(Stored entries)
====================

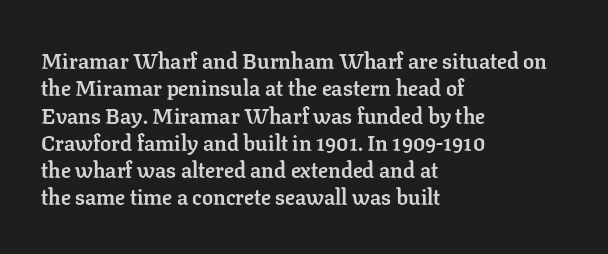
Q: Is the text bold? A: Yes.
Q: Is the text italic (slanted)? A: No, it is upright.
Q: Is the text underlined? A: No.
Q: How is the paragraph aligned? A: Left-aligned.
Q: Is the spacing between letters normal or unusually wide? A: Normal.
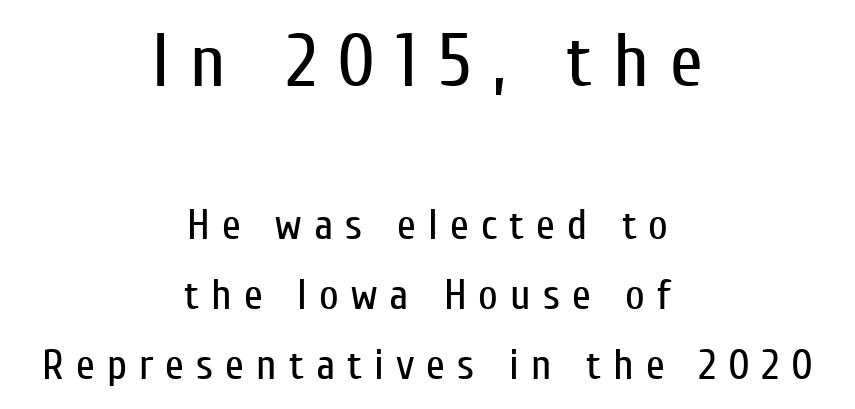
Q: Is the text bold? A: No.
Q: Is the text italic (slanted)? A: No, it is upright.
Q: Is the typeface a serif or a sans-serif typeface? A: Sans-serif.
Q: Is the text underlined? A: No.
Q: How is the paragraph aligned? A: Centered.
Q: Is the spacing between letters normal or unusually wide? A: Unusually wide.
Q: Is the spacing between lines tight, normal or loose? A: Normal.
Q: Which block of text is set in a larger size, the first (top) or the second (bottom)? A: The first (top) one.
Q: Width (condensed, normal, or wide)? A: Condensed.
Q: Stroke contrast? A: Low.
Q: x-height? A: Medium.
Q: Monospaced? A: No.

====================

- _ACTIVITY_
Copy out each line of the data containing the string "letters".

- _EXERCISE OUTPUT_
Q: Is the spacing between letters normal or unusually wide? A: Normal.
Q: Is the spacing between letters normal or unusually wide? A: Unusually wide.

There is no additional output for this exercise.